To make a host- or machinefile, you can use srun
:
srun /bin/hostname | uniq
A more complicated example is a nodelist file for the molecular mechanics application NAMD :
srun /bin/hostname | uniq | awk -F\. 'BEGIN {print “group main”};{print "host ", $1}' > nodelist
Transport options for OpenMPI
Most of the following is hidden behind some command line options, but in case more information is needed about the subject of transport a few links will provide more insight.
For detailed list of settings a good starting point is here: https://www.open-mpi.org/faq/
OpenMPI 4.x uses UCX for transport, this is a communication library: https://github.com/openucx/ucx/wiki/FAQ
Transport layer PML (point-to-point message layer): https://rivis.github.io/doc/openmpi/v2.1/pml-ob1-protocols.en.xhtml
Transport layer UCX: <https://www.openucx.org/ and https://github.com/openucx/ucx/wiki/UCX-environment-parameters>
Collective optimisation library hcoll from Mellanox is also an option.
Setting the different devices and transports can be done using environment variables:
export UCX_IB_DEVICE_SPECS=0x119f:4115:ConnectX4:5,0x119f:4123:ConnectX6:5
export UCX_NET_DEVICES=mlx5_0:1
export OMPI_MCA_coll_hcoll_enable=1
export UCX_TLS=self,sm,dc
From the UCX documentation the list of internode transports include:
rc
ud
dc
The last one is Mellanox scalable offloaded dynamic connection transport.

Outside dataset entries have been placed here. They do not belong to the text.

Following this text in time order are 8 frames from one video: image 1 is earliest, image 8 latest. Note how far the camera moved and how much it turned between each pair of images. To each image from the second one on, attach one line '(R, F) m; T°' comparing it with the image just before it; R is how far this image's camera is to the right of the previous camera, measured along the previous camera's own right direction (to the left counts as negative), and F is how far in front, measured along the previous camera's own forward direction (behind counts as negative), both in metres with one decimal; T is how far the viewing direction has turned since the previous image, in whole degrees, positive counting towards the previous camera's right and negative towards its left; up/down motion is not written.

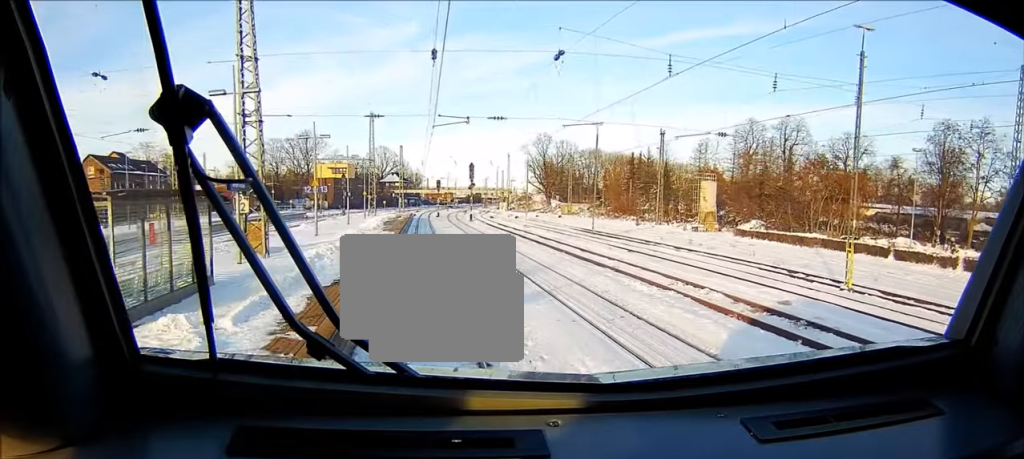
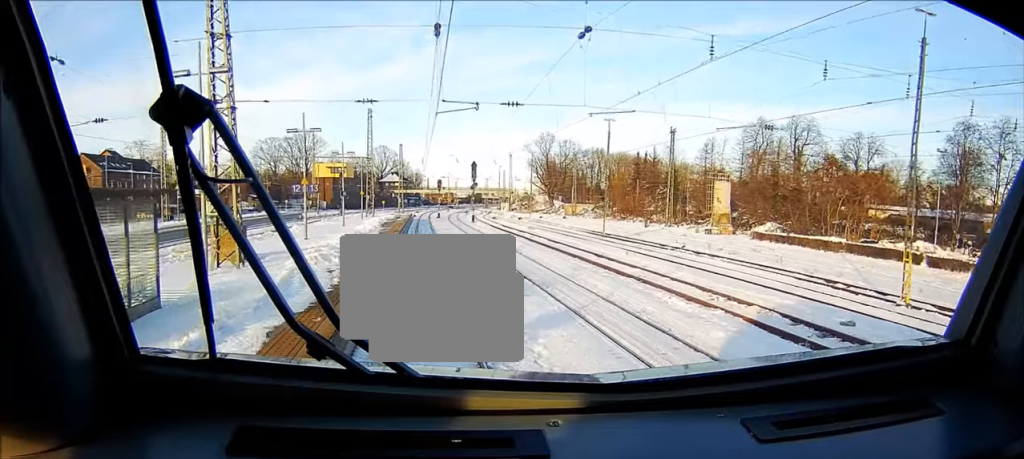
(0.0, +4.0) m; 0°
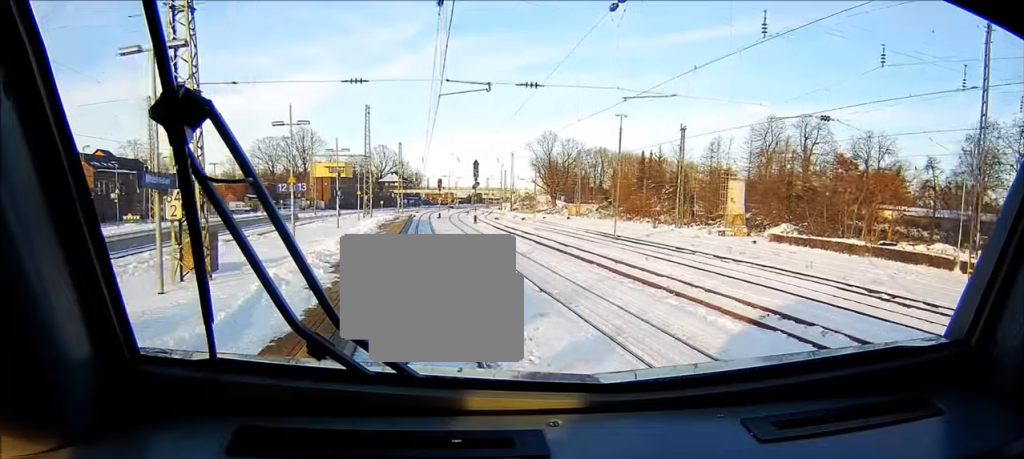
(0.0, +3.6) m; 0°
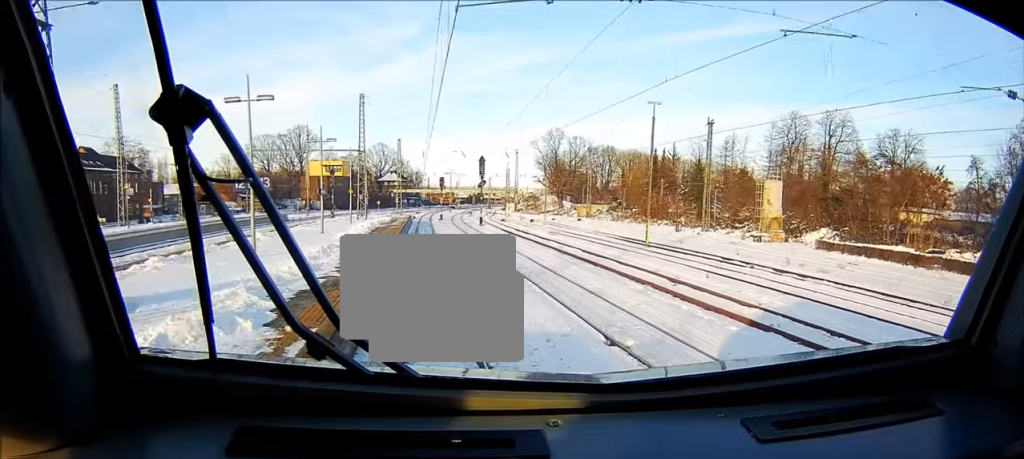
(0.0, +8.5) m; -1°
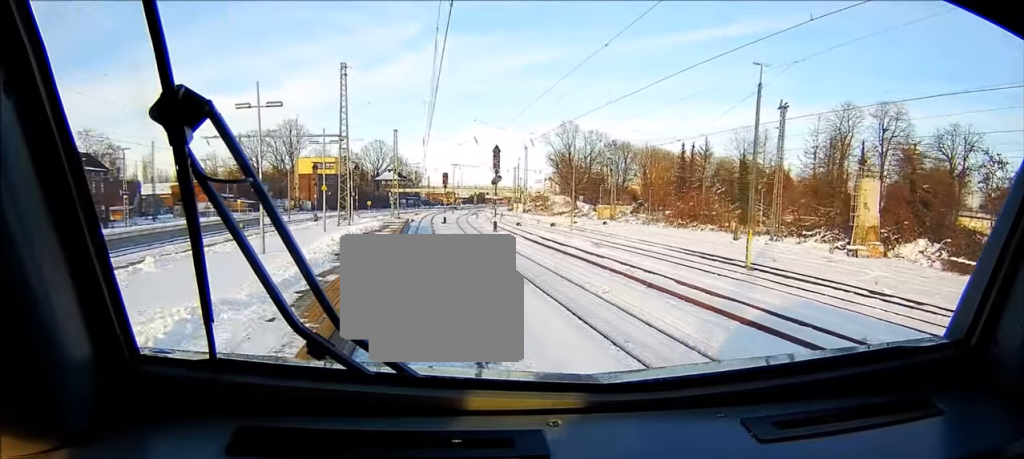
(0.0, +16.4) m; 0°
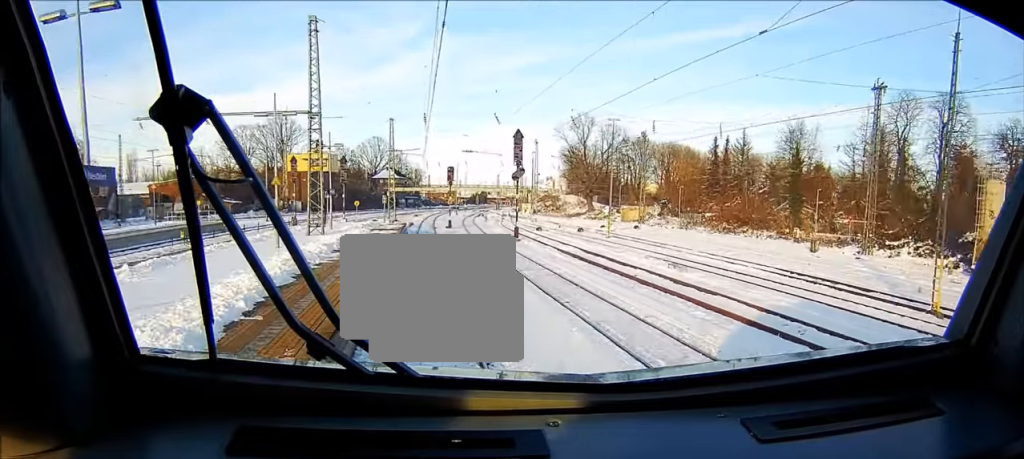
(0.0, +15.0) m; 0°
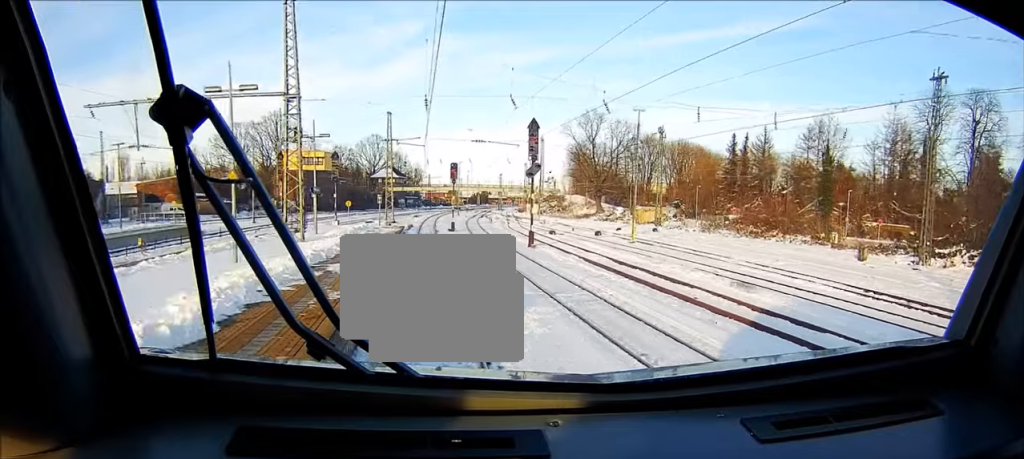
(0.0, +7.2) m; 0°
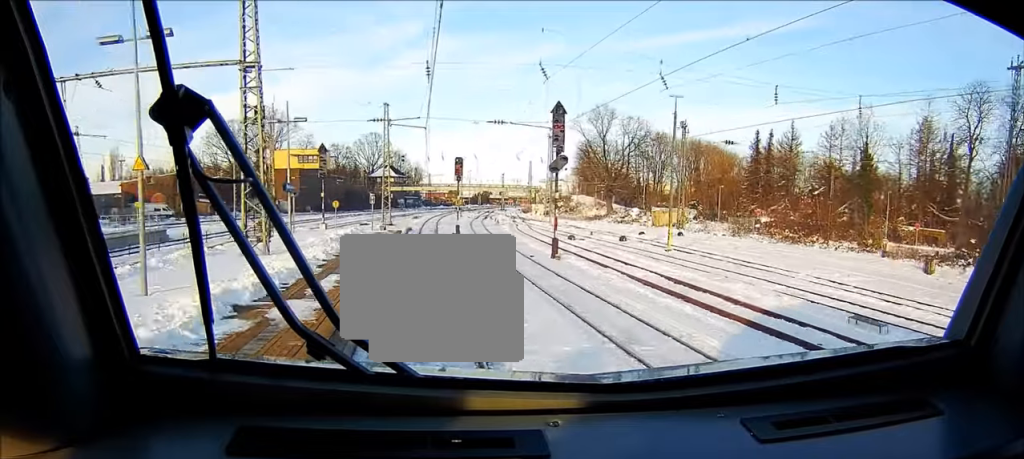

The self is a loopback transport to communicate within the same process, while sm is all shared memory transports. There are two shared memory transports installed
cma
knem
Selecting cma or knem might improve performance for applications that use a high number of MPI ranks per node. With 128 cores and possibly 128 MPI ranks per node the intra node communication is quite important.
Depending on the communication pattern of your application, the use of point-to-point or collectives, the usage of Mellanox optimised offload collectives can have an impact.